---- Data supplied

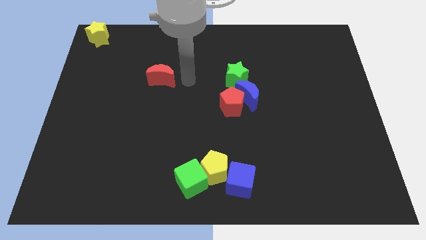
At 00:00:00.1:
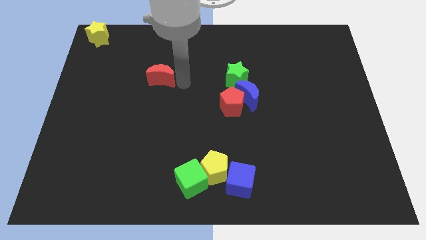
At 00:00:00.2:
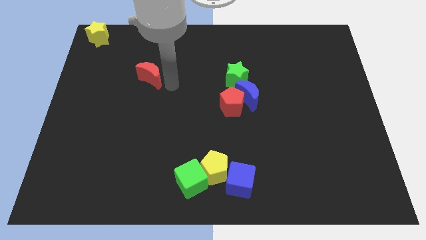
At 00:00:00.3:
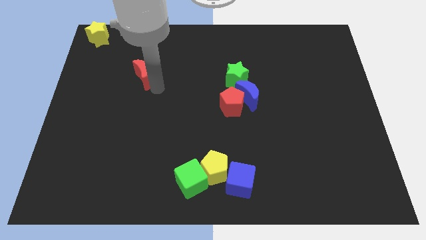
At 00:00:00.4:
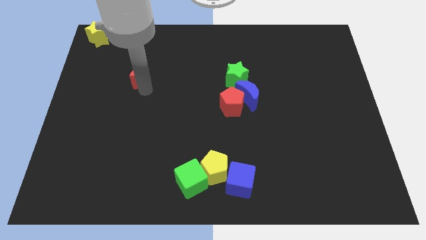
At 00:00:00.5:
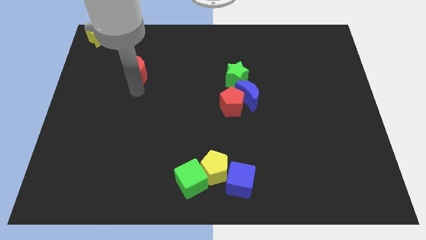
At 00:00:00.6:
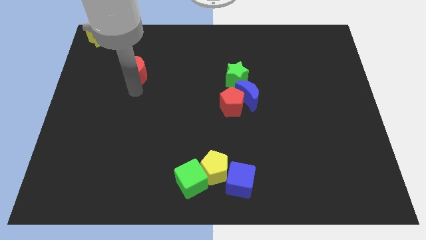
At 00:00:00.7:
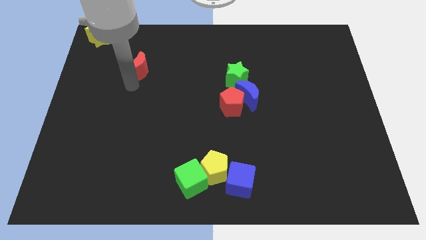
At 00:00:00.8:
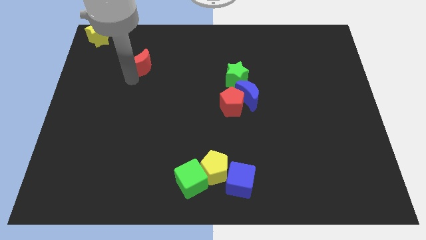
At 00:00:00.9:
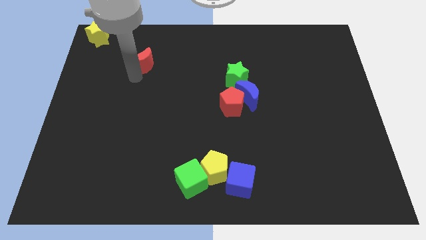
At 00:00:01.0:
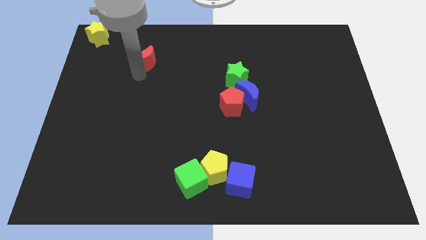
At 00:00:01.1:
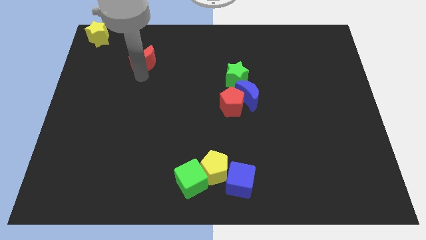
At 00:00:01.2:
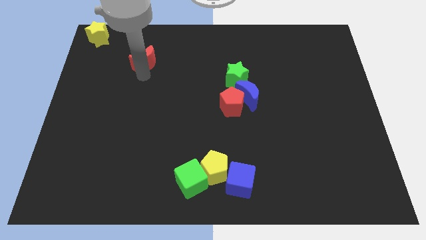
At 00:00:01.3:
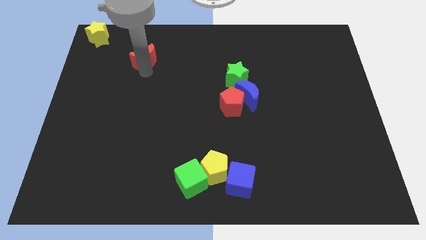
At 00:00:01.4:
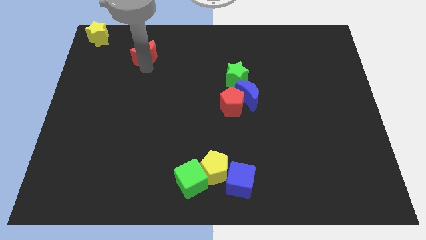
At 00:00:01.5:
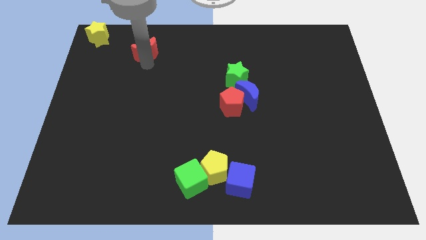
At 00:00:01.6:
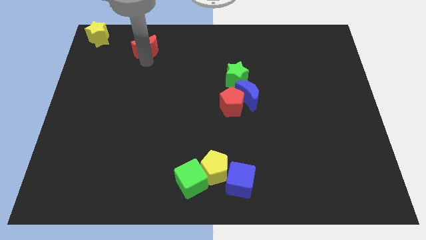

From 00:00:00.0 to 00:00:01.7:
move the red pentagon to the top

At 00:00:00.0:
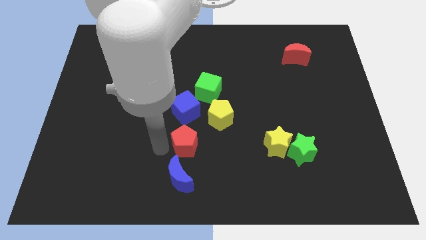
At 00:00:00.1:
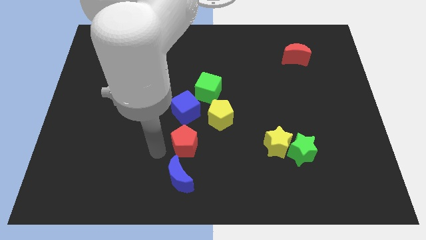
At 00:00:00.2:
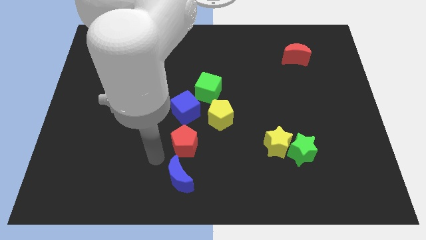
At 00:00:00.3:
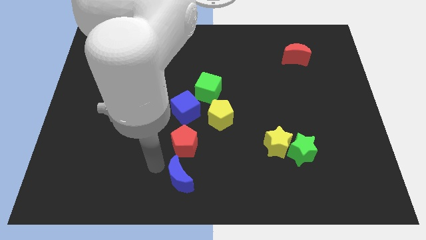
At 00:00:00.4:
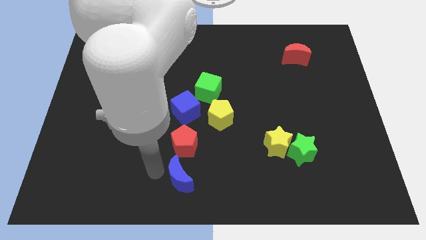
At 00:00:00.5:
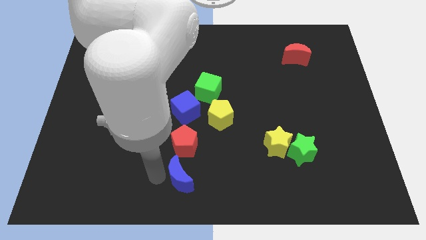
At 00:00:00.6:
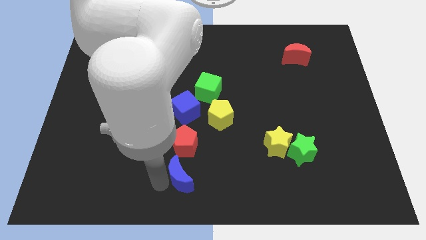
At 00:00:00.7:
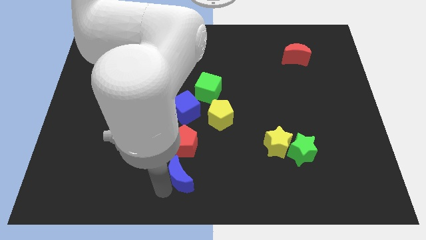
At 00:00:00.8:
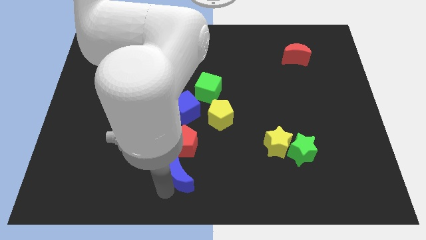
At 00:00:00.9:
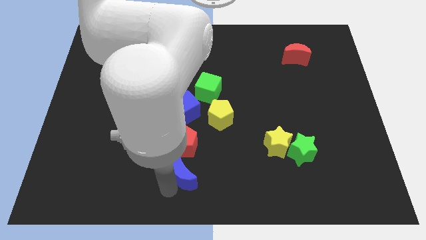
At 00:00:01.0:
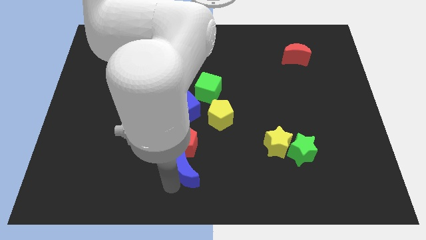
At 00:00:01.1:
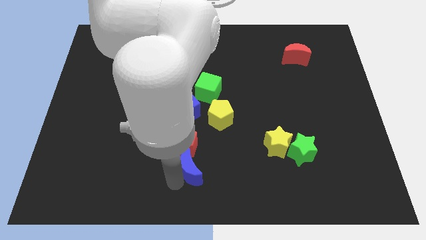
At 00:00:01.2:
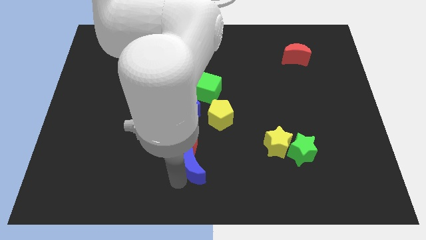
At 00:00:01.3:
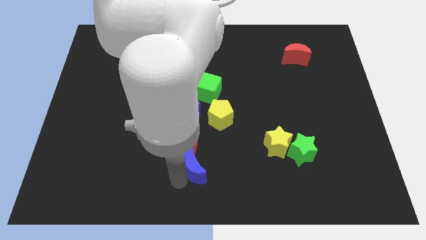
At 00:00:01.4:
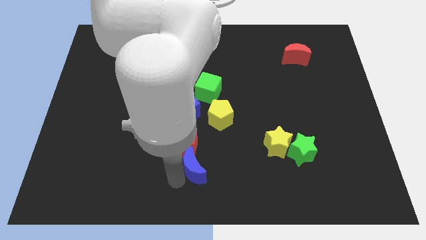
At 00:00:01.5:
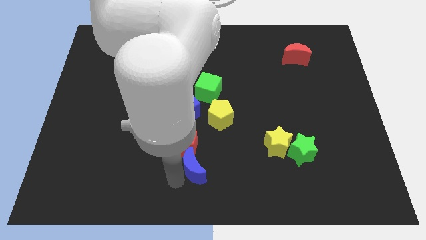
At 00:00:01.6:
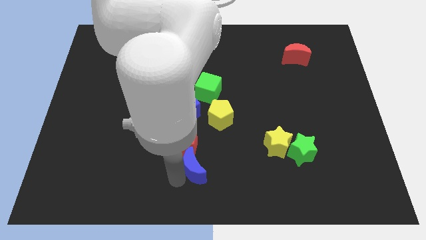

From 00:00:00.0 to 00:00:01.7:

--------

▸ Required action:
Pictures in the records should not appear in your copy, but everything else must be transcribed exactly.

▸ Exercise answer:
At 00:00:00.1:
At 00:00:00.2:
At 00:00:00.3:
At 00:00:00.4:
At 00:00:00.5:
At 00:00:00.6:
At 00:00:00.7:
At 00:00:00.8:
At 00:00:00.9:
At 00:00:01.0:
At 00:00:01.1:
At 00:00:01.2:
At 00:00:01.3:
At 00:00:01.4:
At 00:00:01.5:
At 00:00:01.6:

From 00:00:00.0 to 00:00:01.7:
move the red pentagon to the top

At 00:00:00.0:
At 00:00:00.1:
At 00:00:00.2:
At 00:00:00.3:
At 00:00:00.4:
At 00:00:00.5:
At 00:00:00.6:
At 00:00:00.7:
At 00:00:00.8:
At 00:00:00.9:
At 00:00:01.0:
At 00:00:01.1:
At 00:00:01.2:
At 00:00:01.3:
At 00:00:01.4:
At 00:00:01.5:
At 00:00:01.6:

From 00:00:00.0 to 00:00:01.7:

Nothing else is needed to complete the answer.